Interview: Thutmose Blends the Sounds of Brooklyn & Nigeria Into His Own Pop Flavor

The Nigerian-born artist talks to us about his new EP, Don't Wake Me, as well as getting on the Spider-Man soundtrack, touring with Billie Eilish, and collaborating with Rema.

Thutmose is living out his dream. To this day, the Nigerian rapper and singer has a hard time accepting this is his real life—from "Run Wild" becoming the soundtrack to the official trailer of EA Sports' FIFA 2018 World Cup game to to opening for pop/R&B sensation Billie Eilish and being featured on the Spider-Man: Into the Spider-Verse soundtrack.

At eight years old, Umar Ibrahim migrated from his home of Nigeria to Brooklyn, New York.

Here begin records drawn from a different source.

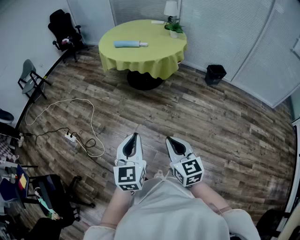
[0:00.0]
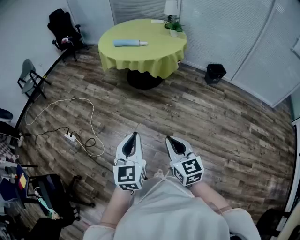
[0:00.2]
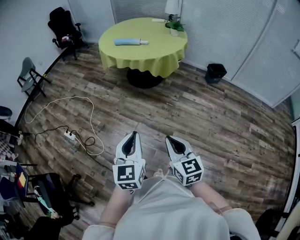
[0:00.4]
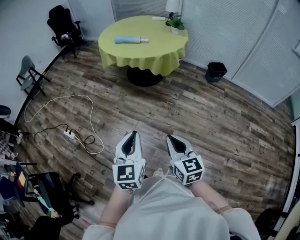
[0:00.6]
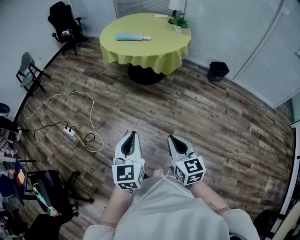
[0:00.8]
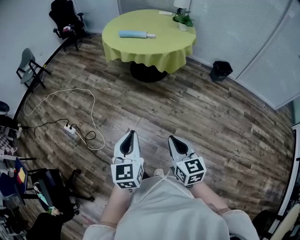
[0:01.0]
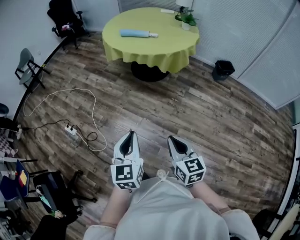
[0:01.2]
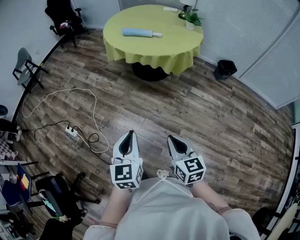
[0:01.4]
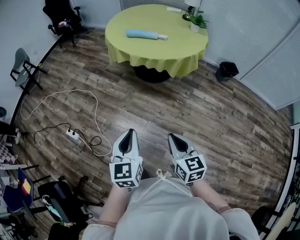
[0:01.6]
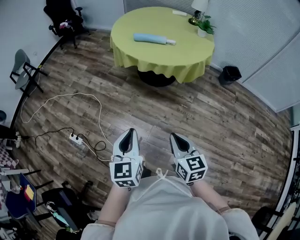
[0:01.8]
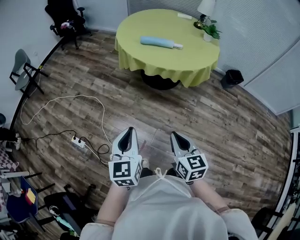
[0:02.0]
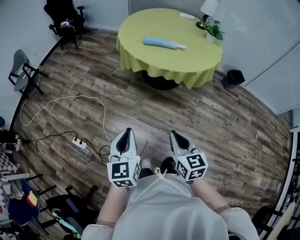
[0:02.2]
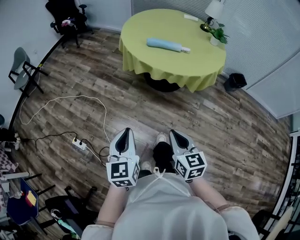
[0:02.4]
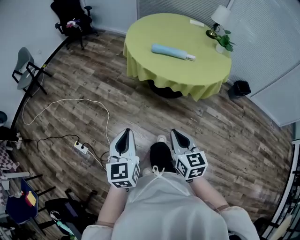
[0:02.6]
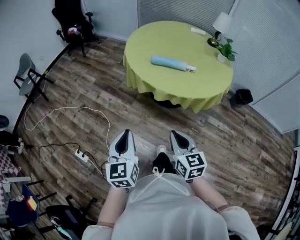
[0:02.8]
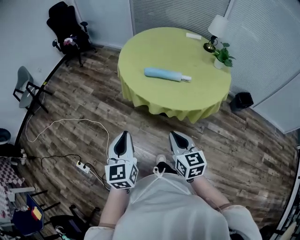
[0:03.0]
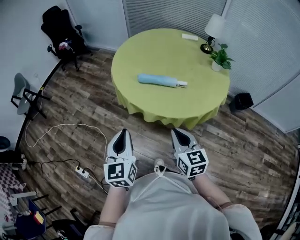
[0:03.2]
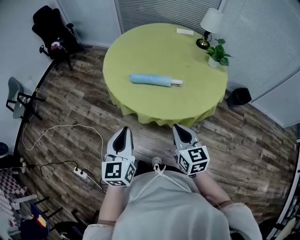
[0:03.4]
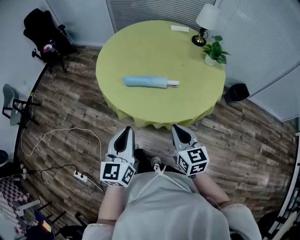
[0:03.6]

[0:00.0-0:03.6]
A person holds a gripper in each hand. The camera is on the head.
0:00.0 to 0:01.8: Both grippers travel together forward and to the left, approximately 35 cm.
0:01.8 to 0:03.6: The two grippers travel together, forward, some 50 cm.

Admitting to encountering a "complete culture shock," Thut quickly adapted to his surroundings and took took a liking the East Coast. When it comes to his music, he makes it a point to highlight his journey from his Nigeria to the States, naturally combining both upbringings into one style.

Thut has yet to return to Nigeria in over 16 years, which makes his forthcoming trip in December that much more meaningful. In any case, he just hopes to inspire and motivate all those who come after him. Now, he unleashes his new EP, Don't Wake Me, a tribute to this dreamscape he's been living as a reality. On the five-track project, he recruits highly-buzzing Nigerian recording artist Rema and even samples Koffee's "Raggamuffin."

OkayAfrica caught up with Thutmose in Los Angeles to discuss the inspiration behind Don't Wake Me, working with Rema and Koffee, and how he landed on the Spider-Verse soundtrack.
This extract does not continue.